# London Stock Exchange Auctions - Impact of market orders?



## kkhliew (14 July 2020)

Hi all. Does anyone know how market orders are treated in LSE open/close auctions? Specifically: During the pre-auction call period, limit orders are incorporated into the order book following the 4 auction principles of maximum volume, minimum surplus, market pressure and reference price. The indicative price, volume and imbalance are worked out from these principles. What about market orders, which are unpriced? How do on-auction market orders impact the indicative price and volume in pre-auction? I've tried looking for reference materials for days, with no success. Any help or guidance much appreciated.


----------



## peter2 (15 July 2020)

Market orders that are placed into an auction will be matched to the auction closing price. Depending on the available volume they may not be completely filled. I'm not sure market orders in an auction can force the auction closing price to go higher/lower so that they're completely filled.

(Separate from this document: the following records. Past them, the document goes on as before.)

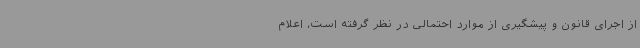
از اجرای قانون و پیشگیری از موارد احتمالی در نظر گرفته است، اعلام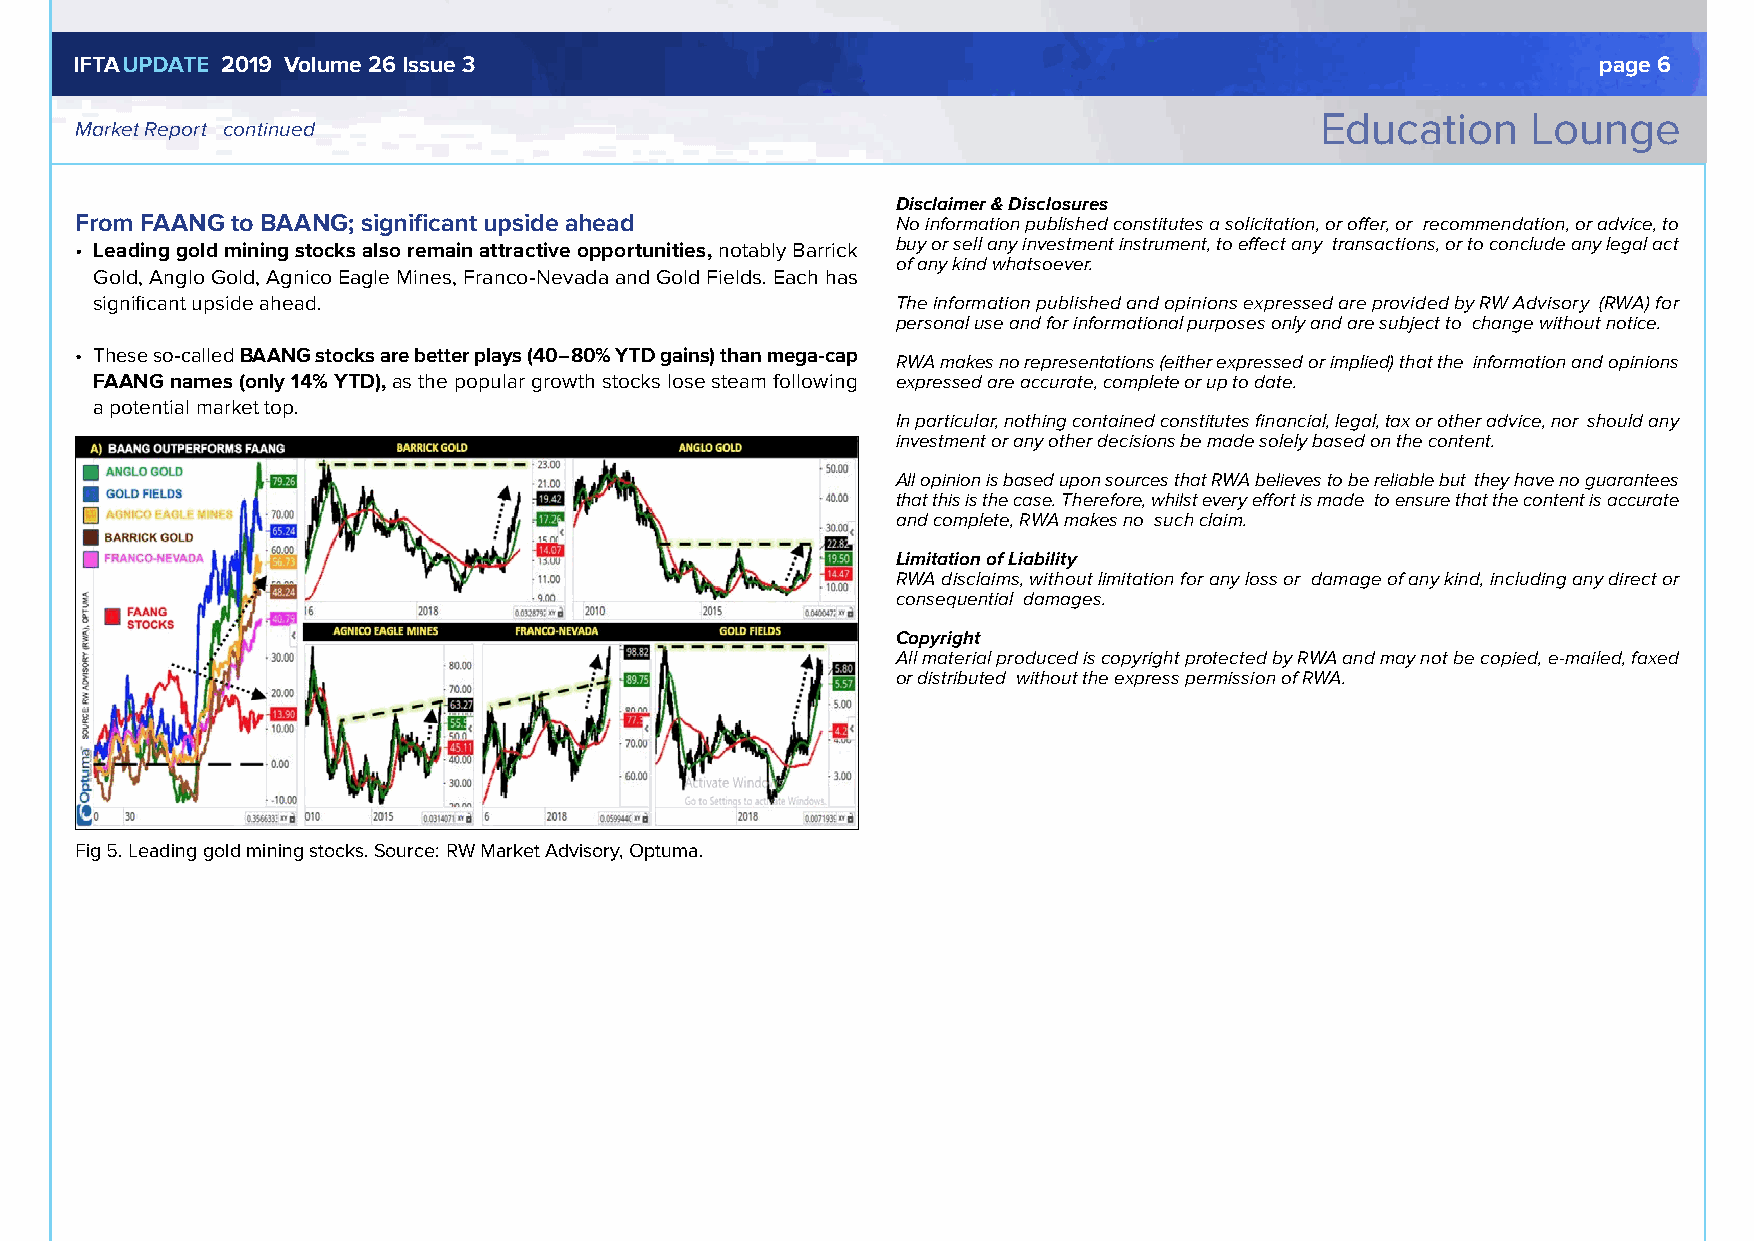
IIFFTTAAUUPPDDAATTEE 22001199 VVoolluummee 2266 IIssssuuee 33                                        ppaaggee 66
 Education     Lounge
 Market Report continued
 Disclaimer & Disclosures
 From FAANG to BAANG; significant upside ahead         No information published constitutes a solicitation, or offer, or recommendation, or advice, to
 • L eading gold mining stocks also remain attractive opportunities, notably Barrick buy or sell any investment instrument, to effect any transactions, or to conclude any legal act
 of any kind whatsoever.
 Gold, Anglo Gold, Agnico Eagle Mines, Franco-Nevada and Gold Fields. Each has
 significant upside ahead.                            The information published and opinions expressed are provided by RW Advisory (RWA) for
 personal use and for informational purposes only and are subject to change without notice.
 • These so-called BAANG stocks are better plays (40–80% YTD gains) than mega-cap RWA makes no representations (either expressed or implied) that the information and opinions
 FAANG names (only 14% YTD), as the popular growth stocks lose steam following expressed are accurate, complete or up to date.
 a potential market top.
 In particular, nothing contained constitutes financial, legal, tax or other advice, nor should any
 investment or any other decisions be made solely based on the content.
 All opinion is based upon sources that RWA believes to be reliable but they have no guarantees
 that this is the case. Therefore, whilst every effort is made to ensure that the content is accurate
 and complete, RWA makes no such claim.
 Limitation of Liability
 RWA disclaims, without limitation for any loss or damage of any kind, including any direct or
 consequential damages.
 Copyright
 All material produced is copyright protected by RWA and may not be copied, e-mailed, faxed
 or distributed without the express permission of RWA.
 Fig 5. Leading gold mining stocks. Source: RW Market Advisory, Optuma.

I think not.


----------



## kkhliew (16 July 2020)

peter2 said:


> Market orders that are placed into an auction will be matched to the auction closing price. Depending on the available volume they may not be completely filled. I'm not sure market orders in an auction can force the auction closing price to go higher/lower so that they're completely filled. I think not.




Thanks peter2. I suspect that's the case too, in fact I can't think of other ways market orders could be incorporated into the auction order book. Still, I can't find any documentation from LSE to confirm that's the case (or other similar exchanges). It's also slightly counter-intuitive to think that very large market orders won't have any impact on auction price, as is the case in continuous trading.


----------



## peter2 (16 July 2020)

Insto's, market makers and knowledgeable traders won't be placing market orders in an auction because they won't know what they're going to get. I was surprised to read that market orders were even allowed to be placed in the auctions.


----------